Gasparri ad Affari: la fondazione? Non ha alcun ruolo rispetto alle decisioni e all'attività del partito...
"I problemi sono pretestuosi, la fondazione è uno strumento, esterno al partito, che punta in diversi anni ad aggregare energie e persone ulteriori rispetto a quelle già impegnate nella normale attività politica". Con queste parole Maurizio Gasparri (An), intervistato da Affari, interviene sulle polemiche interne tra la maggioranza del partito e l'opposizione di Storace su 'Farefuturo'. "Mi pare che la fondazione possa essere solo utile, ce ne sono decine in tutti gli ambiti politico-culturali. Ma non ha alcun ruolo rispetto alle decisioni e all'attività del partito. Ad esempio, abbiamo appena finito una riunione sulle elezioni amministrative, dove c'erano i vari rappresentanti dei partiti per discutere e decidere. Ecco, la fondazione svolge un altro tipo di attività e le polemiche sono assolutamente ingiustificate".
Qual è il vero obiettivo della fondazione?
"Rafforzare la penetrazione dei valori e delle idee della destra nel mondo della cultura e della società".

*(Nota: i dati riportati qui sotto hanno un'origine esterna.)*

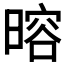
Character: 𬁎
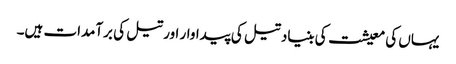
یہاں کی معیشت کی بنیاد تیل کی پیداوار اور تیل کی برآمدات ہیں۔
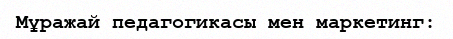
Мұражай педагогикасы мен маркетинг:
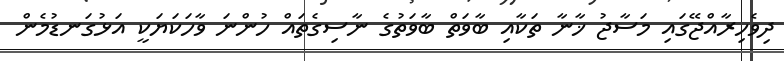
ދިވެހިރާއްޖޭގައި މަސާޖު ޚާނާ ތަކާއި ބާވަތް ބާވަތުގެ ނާސިގެތައް ހުންނަ ވާހަކަޔަކީ އަޅުގަނޑުމެން
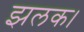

Serve per avvicinare An al PPE?
"Sul piano della cultura e dei contenuti sì. Ma poi il giorno che si porrà il problema saranno i partiti e le organizzazioni strutturali a occuparsene, non le fondazioni. Può essere utile per il dibattito sulle idee, non per gli atti formali che riguardano i partiti di oggi e di domani".
Come valuta la diatriba tra Storace e Fini?
"Mi occupo delle idee che difendo io; quindi, francamente, ho una posizione molto distaccata dalla questione. Sono un po' presuntuoso, penso alle miei idee più che al dibattito in corso. Vedo che Fini oggi condivide ampiamente alcune scelte sul Centrodestra, cose che nel passato non erano tanto scontate in An. Io ho sempre sostenuto la questione del PPE e quella dell'unità del Centrodestra e ora sono soddisfatto che quello che dicevo in passato ora è diventata la linea prevalente nel partito".
La base sta con Fini?
"In termini di numeri non esiste discussione, poi ognuno ha le sue idee. Anch'io son d'accordo sul 90% dei temi e poi esiste qualche differenziazione, ma non vedo alcun problema rispetto alla forza e al consenso della leadership all'interno e all'esterno del partito. Poi si discute, perché non c'è l'obbligo di essere d'accordo su tutto. Ma il clima è abbastanza sereno".